Pull every line holding the word "none" out of the data and copy it.

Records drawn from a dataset
........
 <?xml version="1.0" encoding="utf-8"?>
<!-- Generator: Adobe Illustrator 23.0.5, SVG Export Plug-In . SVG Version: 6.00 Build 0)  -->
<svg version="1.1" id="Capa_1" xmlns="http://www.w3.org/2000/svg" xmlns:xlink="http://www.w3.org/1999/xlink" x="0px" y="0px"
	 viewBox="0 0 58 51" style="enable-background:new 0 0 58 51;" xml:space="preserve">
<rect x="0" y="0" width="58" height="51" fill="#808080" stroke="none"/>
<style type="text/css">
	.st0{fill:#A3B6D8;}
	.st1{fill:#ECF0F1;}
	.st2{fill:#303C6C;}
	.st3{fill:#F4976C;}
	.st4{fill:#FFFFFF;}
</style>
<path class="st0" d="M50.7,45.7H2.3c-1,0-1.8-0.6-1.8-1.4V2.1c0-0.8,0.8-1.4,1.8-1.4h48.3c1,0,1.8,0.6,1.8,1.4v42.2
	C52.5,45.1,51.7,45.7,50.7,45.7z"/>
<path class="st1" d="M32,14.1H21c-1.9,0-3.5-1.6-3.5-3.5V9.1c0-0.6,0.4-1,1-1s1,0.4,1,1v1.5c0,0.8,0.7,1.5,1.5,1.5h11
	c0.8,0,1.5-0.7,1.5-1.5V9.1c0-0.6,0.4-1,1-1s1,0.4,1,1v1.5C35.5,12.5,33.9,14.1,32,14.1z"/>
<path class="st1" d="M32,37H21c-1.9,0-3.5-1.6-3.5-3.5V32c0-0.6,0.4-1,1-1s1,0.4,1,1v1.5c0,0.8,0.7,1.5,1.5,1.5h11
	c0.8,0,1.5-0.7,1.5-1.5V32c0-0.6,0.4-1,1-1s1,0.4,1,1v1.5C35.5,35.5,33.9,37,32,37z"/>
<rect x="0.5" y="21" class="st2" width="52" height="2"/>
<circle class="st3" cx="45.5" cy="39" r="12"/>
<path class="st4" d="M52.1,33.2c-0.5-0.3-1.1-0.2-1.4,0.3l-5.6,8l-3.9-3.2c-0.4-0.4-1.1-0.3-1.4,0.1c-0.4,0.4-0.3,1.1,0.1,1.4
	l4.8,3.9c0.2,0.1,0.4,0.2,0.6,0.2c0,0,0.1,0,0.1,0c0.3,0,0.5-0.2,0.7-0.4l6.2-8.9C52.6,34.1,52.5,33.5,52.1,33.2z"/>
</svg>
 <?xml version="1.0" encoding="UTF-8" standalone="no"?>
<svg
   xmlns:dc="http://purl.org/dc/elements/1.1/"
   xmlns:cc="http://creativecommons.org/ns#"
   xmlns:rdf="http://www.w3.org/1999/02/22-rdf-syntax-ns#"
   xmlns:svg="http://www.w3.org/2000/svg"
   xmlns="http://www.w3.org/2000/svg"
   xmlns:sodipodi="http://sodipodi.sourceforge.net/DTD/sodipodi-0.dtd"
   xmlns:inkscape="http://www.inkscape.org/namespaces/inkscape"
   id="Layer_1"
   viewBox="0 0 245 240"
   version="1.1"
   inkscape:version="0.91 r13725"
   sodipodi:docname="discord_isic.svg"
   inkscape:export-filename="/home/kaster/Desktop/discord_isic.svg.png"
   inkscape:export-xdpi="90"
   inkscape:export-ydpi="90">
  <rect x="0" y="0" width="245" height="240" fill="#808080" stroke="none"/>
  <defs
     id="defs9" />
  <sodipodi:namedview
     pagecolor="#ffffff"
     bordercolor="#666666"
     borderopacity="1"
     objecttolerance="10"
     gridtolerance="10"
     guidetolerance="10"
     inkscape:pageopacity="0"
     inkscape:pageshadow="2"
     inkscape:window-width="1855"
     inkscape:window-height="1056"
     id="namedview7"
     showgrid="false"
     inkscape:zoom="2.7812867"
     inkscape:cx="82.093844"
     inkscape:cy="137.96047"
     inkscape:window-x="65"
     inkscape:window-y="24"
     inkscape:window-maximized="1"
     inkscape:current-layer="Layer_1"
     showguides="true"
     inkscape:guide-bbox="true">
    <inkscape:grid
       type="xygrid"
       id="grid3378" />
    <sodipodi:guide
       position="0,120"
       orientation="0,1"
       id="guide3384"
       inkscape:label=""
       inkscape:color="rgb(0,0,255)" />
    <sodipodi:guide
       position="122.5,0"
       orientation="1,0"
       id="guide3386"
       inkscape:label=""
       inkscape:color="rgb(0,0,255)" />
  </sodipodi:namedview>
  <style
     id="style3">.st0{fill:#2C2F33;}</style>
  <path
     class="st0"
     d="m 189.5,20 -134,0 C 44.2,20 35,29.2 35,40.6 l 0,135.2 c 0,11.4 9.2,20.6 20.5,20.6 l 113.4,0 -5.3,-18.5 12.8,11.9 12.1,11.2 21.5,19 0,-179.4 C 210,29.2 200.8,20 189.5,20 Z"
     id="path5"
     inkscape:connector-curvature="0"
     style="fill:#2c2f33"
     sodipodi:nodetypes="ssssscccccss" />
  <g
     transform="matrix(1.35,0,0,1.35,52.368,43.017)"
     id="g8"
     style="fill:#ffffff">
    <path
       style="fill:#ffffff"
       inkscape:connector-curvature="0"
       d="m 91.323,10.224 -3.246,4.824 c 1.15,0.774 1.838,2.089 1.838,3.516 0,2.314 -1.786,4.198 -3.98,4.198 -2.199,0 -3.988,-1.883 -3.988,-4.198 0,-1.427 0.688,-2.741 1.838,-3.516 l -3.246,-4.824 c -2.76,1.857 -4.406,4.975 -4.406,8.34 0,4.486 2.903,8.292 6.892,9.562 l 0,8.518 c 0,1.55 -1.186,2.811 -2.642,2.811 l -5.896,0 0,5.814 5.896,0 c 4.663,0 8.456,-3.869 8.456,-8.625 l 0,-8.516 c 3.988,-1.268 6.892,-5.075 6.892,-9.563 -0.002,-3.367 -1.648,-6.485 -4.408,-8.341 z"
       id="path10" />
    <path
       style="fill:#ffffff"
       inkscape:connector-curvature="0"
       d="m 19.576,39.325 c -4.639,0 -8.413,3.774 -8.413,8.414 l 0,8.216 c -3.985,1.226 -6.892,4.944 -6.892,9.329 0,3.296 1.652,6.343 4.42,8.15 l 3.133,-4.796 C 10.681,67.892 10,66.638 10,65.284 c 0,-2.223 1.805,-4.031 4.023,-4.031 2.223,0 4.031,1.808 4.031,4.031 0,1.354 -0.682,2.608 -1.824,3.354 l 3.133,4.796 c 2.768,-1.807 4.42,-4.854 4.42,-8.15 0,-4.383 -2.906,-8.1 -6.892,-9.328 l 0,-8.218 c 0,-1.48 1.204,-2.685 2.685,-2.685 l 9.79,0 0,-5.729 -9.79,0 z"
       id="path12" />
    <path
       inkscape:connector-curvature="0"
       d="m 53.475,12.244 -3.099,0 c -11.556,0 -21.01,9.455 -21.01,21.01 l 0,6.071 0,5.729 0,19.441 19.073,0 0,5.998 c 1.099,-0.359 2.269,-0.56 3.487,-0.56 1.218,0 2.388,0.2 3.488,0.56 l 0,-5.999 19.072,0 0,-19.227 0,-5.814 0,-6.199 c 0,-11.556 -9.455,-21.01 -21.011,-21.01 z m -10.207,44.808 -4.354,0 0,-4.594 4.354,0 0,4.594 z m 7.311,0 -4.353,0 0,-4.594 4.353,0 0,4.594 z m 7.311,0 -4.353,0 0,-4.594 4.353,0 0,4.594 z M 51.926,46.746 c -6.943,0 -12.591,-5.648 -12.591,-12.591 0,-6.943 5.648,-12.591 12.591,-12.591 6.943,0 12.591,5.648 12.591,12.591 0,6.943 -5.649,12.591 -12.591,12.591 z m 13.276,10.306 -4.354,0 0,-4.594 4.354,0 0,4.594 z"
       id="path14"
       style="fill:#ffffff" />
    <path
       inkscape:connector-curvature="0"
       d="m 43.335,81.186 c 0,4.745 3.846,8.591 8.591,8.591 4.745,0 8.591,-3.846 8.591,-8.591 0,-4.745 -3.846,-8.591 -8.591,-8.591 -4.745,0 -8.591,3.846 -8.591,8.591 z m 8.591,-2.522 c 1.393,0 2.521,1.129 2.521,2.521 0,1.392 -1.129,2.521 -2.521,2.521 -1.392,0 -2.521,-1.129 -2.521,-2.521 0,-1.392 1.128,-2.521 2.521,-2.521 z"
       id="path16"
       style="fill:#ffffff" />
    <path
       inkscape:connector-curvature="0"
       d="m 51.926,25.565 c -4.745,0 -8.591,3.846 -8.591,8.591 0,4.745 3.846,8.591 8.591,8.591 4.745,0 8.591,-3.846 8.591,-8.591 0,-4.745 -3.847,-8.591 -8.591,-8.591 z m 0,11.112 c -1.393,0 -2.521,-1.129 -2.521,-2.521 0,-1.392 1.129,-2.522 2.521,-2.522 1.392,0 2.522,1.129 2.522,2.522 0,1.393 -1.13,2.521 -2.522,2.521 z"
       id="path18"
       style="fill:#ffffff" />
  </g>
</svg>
........
#### Result for this task
<rect x="0" y="0" width="58" height="51" fill="#808080" stroke="none"/>
  <rect x="0" y="0" width="245" height="240" fill="#808080" stroke="none"/>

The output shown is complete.